Il a été successivement l’enfant du Passage et de la rue Marsollier, le stagiaire en langues d’Allemagne et d’Angleterre, l’apprenti commerçant, le cuirassier de Rambouillet, le combattant d’août 14, l’agent consulaire de Londres, le colon du Cameroun, le grouillot-journaliste d’Eurêka, le propagandiste antituberculeux de la Fondation Rockefeller, le bachelier éclair, l’étudiant en médecine tout aussi pressé, le mari et le père temporaire, l’hygiéniste itinérant de la SDN, le médecin en clientèle, le consultant du dispensaire à Clichy, l’auteur de théâtre, le pharmacien visiteur médical, le rédacteur de Voyage au bout de la nuit, Goncourt raté et événement littéraire de l’année 1933, le héros d’une légende misérabiliste, l’explorateur des enfances de Mort à crédit, le polémiste engagé des « pamphlets », le prophète vérifié un temps (1940-1944), l’émigré d’Allemagne puis du Danemark, le prisonnier de la Vestre Fængsel, le rural malgré lui de Korsør, le  banlieusard  de Meudon et l’auteur d’un come back qui n’allait pas de soi, l’écrivain restauré.
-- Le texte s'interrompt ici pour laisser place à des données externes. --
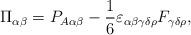
LaTeX: \begin{align*}\Pi_{\alpha\beta}=P_{A\alpha\beta}-{1\over 6}\varepsilon_{\alpha\beta\gamma\delta\rho}F_{\gamma\delta\rho},\end{align*}
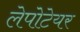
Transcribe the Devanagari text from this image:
लेपोटेयर
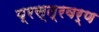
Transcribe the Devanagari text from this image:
प्रस्त्रवर्ण
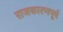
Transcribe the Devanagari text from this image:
राजकारणपूर्व
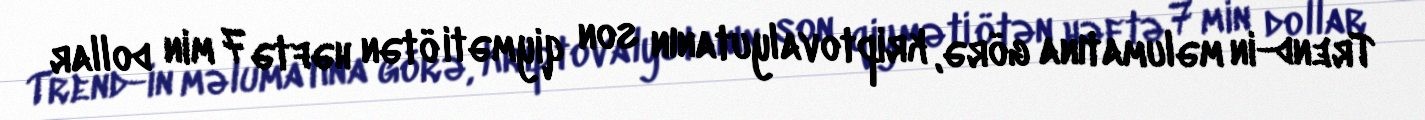
Trend-in məlumatına görə, kriptovalyutanın son qiyməti ötən həftə 7 min dollar
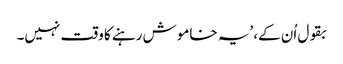
بقول اُن کے، ’یہ خاموش رہنے کا وقت نہیں۔

Soit trois fois neuf vies de chat. Et l’enchaînement des œuvres dans une langue indéfiniment renouvelée.

 

À ces métamorphoses s’ajoutent les images qu’un lectorat multiple s’est faites de lui. Si les céliniens ne s’aiment guère en règle générale, c’est qu’ils ont chacun leur Céline. En 1932, Daudet le monarchiste et Descaves le nostalgique de la Commune se rejoignent certes dans l’admiration pour le Voyage, mais pas pour les mêmes raisons. L’étudiant Lévi-Strauss le voit socialiste. Bernanos le catholique lit le roman de la déréliction d’un monde sans Dieu. Décor, philosophie, tout renvoyant au peuple, certains croient à un Céline peuple et donc populiste, et c’est d’ailleurs sous cette forme que, génération après génération, il trouve chez les jeunes ses nouvelles recrues. Aujourd’hui le Voyage en poche serait encore le plus « fauché », le plus « chouré », le plus volé des livres dans un temps où les livres se volent de moins en moins. (…)

 

Philippe ALMÉRAS

(extrait de la préface du

Dictionnaire Céline)

 

 

Philippe Alméras, Dictionnaire Céline. Une œuvre, une vie, Plon, 2004, 880 pages.